Items listed in a dataset:
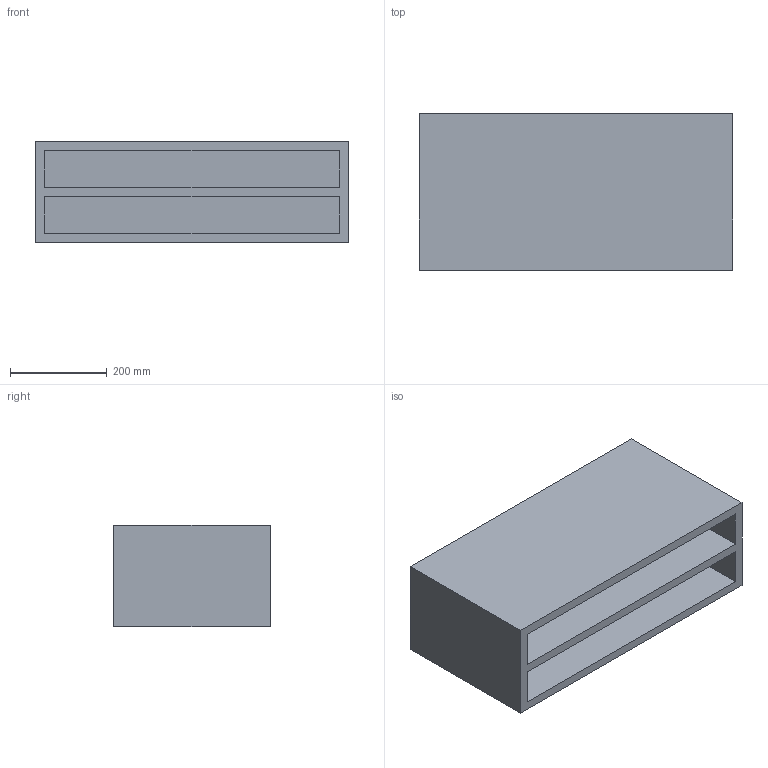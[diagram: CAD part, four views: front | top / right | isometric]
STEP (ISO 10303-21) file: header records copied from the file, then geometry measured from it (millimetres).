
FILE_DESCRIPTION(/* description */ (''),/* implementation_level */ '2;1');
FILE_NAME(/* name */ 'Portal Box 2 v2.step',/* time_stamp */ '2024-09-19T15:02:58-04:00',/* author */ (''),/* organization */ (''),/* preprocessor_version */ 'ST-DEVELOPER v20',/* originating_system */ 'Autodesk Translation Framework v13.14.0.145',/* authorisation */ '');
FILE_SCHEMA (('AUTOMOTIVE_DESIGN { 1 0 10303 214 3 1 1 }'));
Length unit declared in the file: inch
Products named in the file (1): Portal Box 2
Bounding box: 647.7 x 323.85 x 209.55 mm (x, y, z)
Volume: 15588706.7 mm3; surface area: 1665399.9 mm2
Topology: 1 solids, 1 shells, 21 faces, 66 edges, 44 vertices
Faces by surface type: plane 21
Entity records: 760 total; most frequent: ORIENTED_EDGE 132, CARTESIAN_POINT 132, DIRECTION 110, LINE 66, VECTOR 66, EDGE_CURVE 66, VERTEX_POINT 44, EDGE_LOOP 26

_Exercise instructions_
Write out all of the records above. Keep them exact and leave out the pictures.

_Reply to the task_
[diagram: CAD part, four views: front | top / right | isometric]
STEP (ISO 10303-21) file: header records copied from the file, then geometry measured from it (millimetres).
FILE_DESCRIPTION(/* description */ (''),/* implementation_level */ '2;1');
FILE_NAME(/* name */ 'Portal Box 2 v2.step',/* time_stamp */ '2024-09-19T15:02:58-04:00',/* author */ (''),/* organization */ (''),/* preprocessor_version */ 'ST-DEVELOPER v20',/* originating_system */ 'Autodesk Translation Framework v13.14.0.145',/* authorisation */ '');
FILE_SCHEMA (('AUTOMOTIVE_DESIGN { 1 0 10303 214 3 1 1 }'));
Length unit declared in the file: inch
Products named in the file (1): Portal Box 2
Bounding box: 647.7 x 323.85 x 209.55 mm (x, y, z)
Volume: 15588706.7 mm3; surface area: 1665399.9 mm2
Topology: 1 solids, 1 shells, 21 faces, 66 edges, 44 vertices
Faces by surface type: plane 21
Entity records: 760 total; most frequent: ORIENTED_EDGE 132, CARTESIAN_POINT 132, DIRECTION 110, LINE 66, VECTOR 66, EDGE_CURVE 66, VERTEX_POINT 44, EDGE_LOOP 26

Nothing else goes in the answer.